Известно мне, что настоящие писатели, прежде чем приступить к повествованию, сообщают читателю все сведения о герое: где родился, кто его родители и т. п. Поскольку действующим лицом в настоящих записках являюсь я сам, значит, надо начать с собственной биографии.

Один интеллигент, учитель, сидевший вместе со мной в иркутском централе и читавший кое-какие мои тетради, заметил мне: «Вы, Федор, слишком многословны, рассуждаете много. Пишите так, чтоб словам было тесно, а мыслям просторно!»

Постараюсь следовать умному совету: ничего лишнего.

Родился я в Томске в 1897 году, в семье... Впрочем, какая же это была семья! Отец мой — страшный, с опухшим от водки лицом, кудлатой, спутанной бородой и огромными, как грабли, ручищами — с младенческих лет внушал мне ужас. Завидя его, я бежал прятаться под лестницу. Сидел там, бывало, до поздней ночи, пока из черной дыры подвала, где мы жили, не доносился до меня его могучий и жуткий храп.

Парнишка я был щуплый, с тонкой шеей, хилыми руками, слабым, как у щенка, голосом. Отец меня не баловал. Вряд ли даже помнил о том, что у него есть сын. С утра до ночи он работал — грузил баржи на реке Ушайке, домой возвращался всегда пьяный. Мать я помню смутно. Лежала в постели строгая, плоская, с темным, как у иконы, лицом...

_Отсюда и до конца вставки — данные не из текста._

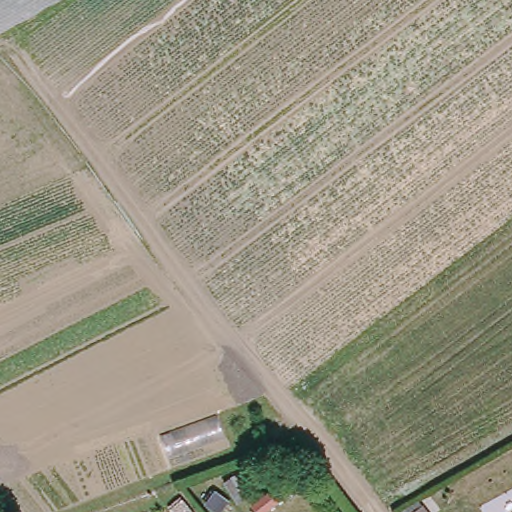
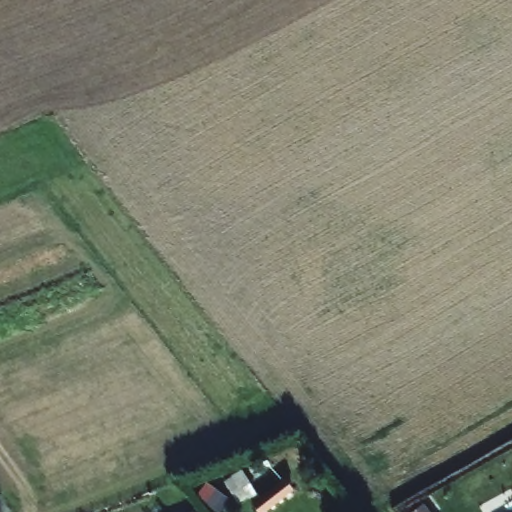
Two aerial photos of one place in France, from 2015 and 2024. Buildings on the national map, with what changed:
unchanged [(263,512),(257,512),(252,505),(283,481),(291,490),(263,512)]
unchanged [(322,512),(305,491),(315,483),(337,512),(322,512)]
unchanged [(432,512),(425,512),(430,508),(432,512)]

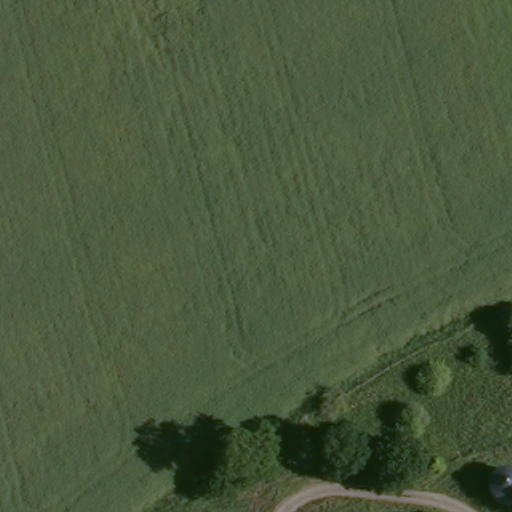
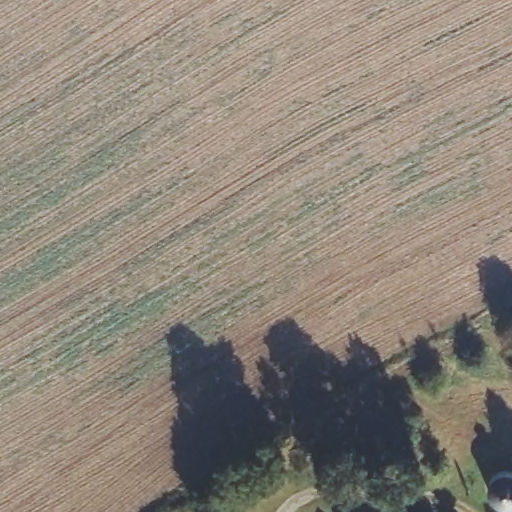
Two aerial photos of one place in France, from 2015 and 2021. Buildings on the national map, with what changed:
unchanged [(512,468),(512,500),(505,501),(496,497),(492,489),(493,480),(498,471),(508,468),(512,468)]

В 1905 году мой отец Гавриил Иванович Братченко ударом кулака убил томского полицмейстера, который явился на пристань усмирять бунтующих босяков. Через неделю отца повесили. Этому я по глупости своей даже обрадовался — так темна и беспросветно убога была моя жизнь.

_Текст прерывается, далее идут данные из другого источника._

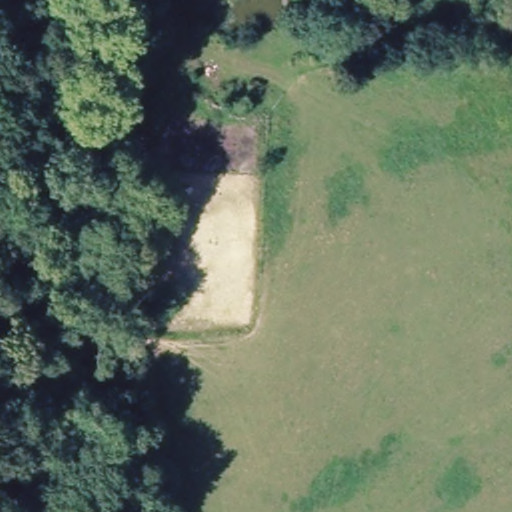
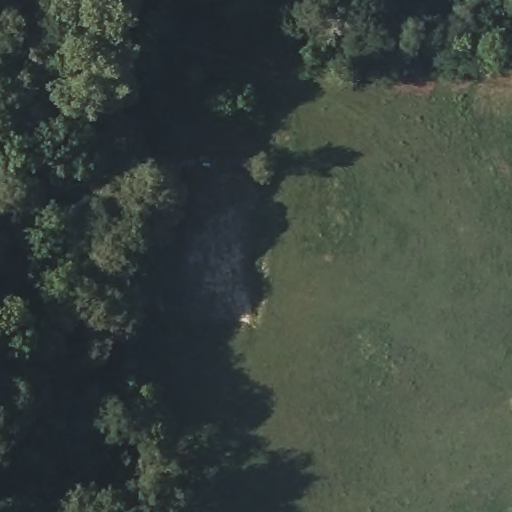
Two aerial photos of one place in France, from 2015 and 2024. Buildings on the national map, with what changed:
unchanged [(94,27),(27,68),(15,50),(76,8),(94,27)]
unchanged [(97,134),(109,84),(134,90),(124,140),(97,134)]

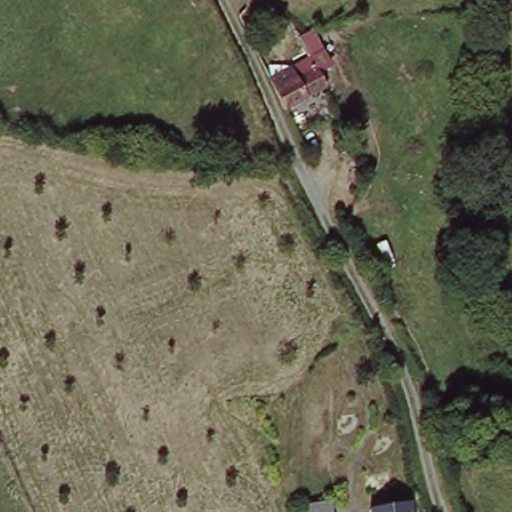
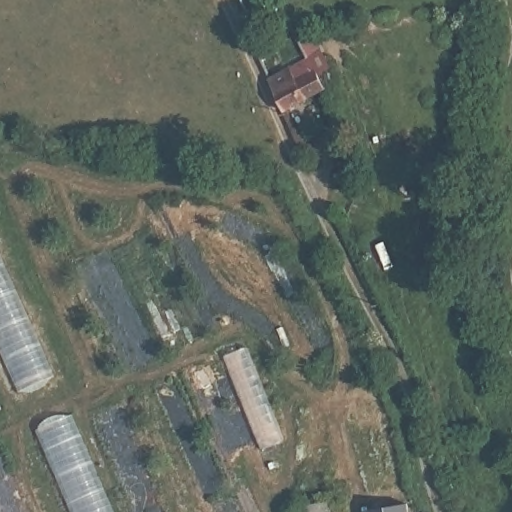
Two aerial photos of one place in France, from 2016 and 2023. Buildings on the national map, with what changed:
unchanged [(310,69),(317,65),(328,88),(307,99),(288,110),(277,86),(295,76),(310,69)]
new [(19,389),(0,347),(0,243),(55,375),(19,389)]
new [(247,345),(287,439),(263,451),(222,356),(247,345)]
new [(71,417),(113,512),(71,512),(37,432),(71,417)]
unchanged [(302,504),(326,502),(328,512),(304,512),(302,504)]
unchanged [(407,508),(407,512),(370,512),(370,510),(407,508)]

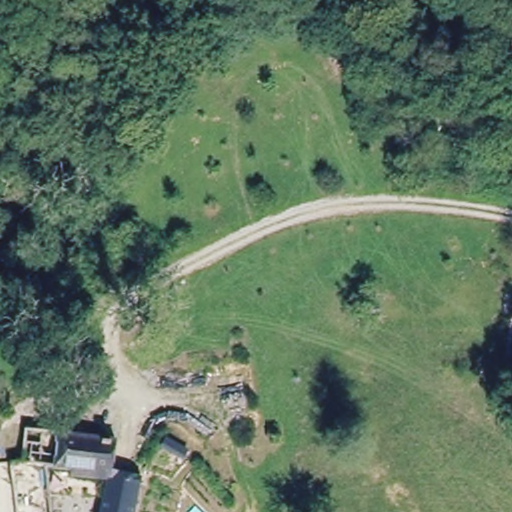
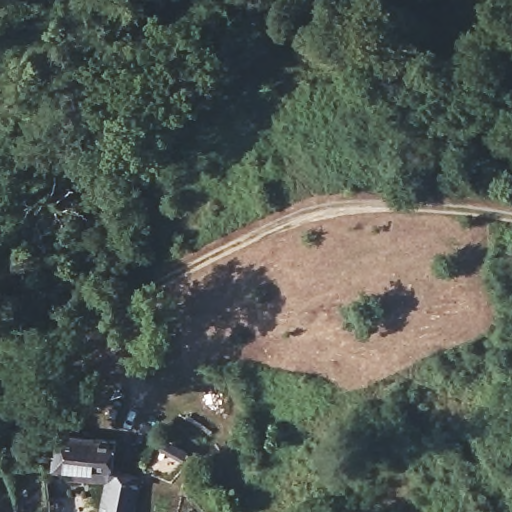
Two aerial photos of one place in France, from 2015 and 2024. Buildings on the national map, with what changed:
unchanged [(146,482),(140,512),(98,512),(106,477),(40,467),(48,512),(18,512),(12,469),(25,467),(27,433),(116,444),(115,477),(146,482)]

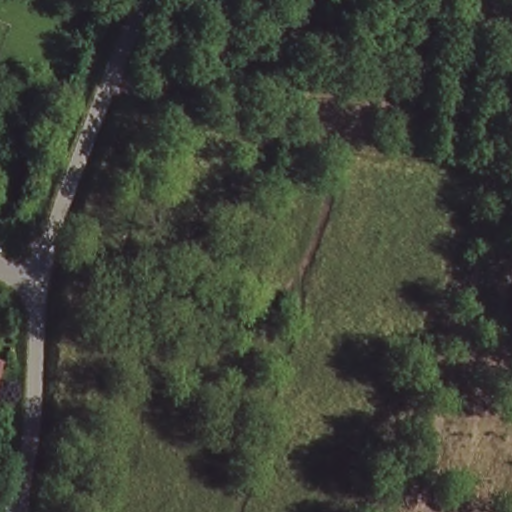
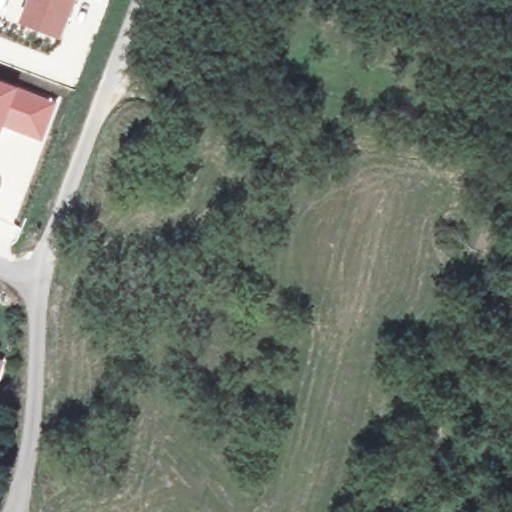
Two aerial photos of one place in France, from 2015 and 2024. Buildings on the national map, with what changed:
new [(17,22),(26,0),(73,0),(60,39),(17,22)]
new [(57,101),(42,142),(3,127),(0,135),(0,79),(57,101)]

Впрочем, перемена в моей жизни наступила как будто к лучшему. Взяли меня к себе соседи, тихие, незаметные люди, выучившие меня грамоте, за что я им по сей день благодарен. И муж и жена были очень богомольны и заставляли меня часами простаивать в церкви, что рано пробудило во мне ненависть к религии. Пятнадцати лет от роду, разозлившись на приемную мать, заставлявшую меня перед сном молиться, я заявил, что бога нет, а иконы — просто разрисованные доски. Произнеся это, я замер и стал ждать удара молнии, которая превратит меня в пепел. Но ничего не произошло, если не считать того, что через час я очутился на улице с котомкой за плечами.

Мне удалось устроиться учеником столяра на карандашную фабрику. Жил на чердаке, обедать приходилось не каждый день, платье носил с чужого плеча. Но энергия во мне била ключом, я мечтал о переделке ненавистного мне мира. На фабрике работало много ссыльных революционеров. Семнадцати лет я уже был связан с подпольщиками, а в восемнадцать впервые арестован «за участие в бунте».

Тюрьма была для меня революционным университетом. Старшие товарищи познакомили меня с марксистской литературой. Я разобрался в обстановке и твердо решил, что путь мой не с меньшевиками, не с анархистами, а с большевиками, с Лениным.

В тюрьме я и писать начал. Пробовал складывать стихи. Писал о «доле тяжелой и мрачной», о хозяине, который «пьет кровь у покорных и нищих». Писал и о природе и «о нежных чувствах», о которых, кстати сказать, знал пока лишь понаслышке. Соседи по камере расхвалили. Учитель же посоветовал описать собственную жизнь. «В ней много поучительного, — убеждал он. — Полезнее, во всяком случае, чем виршами увлекаться!» Никто не мог предположить, что вирши эти помогут мне убежать из тюрьмы.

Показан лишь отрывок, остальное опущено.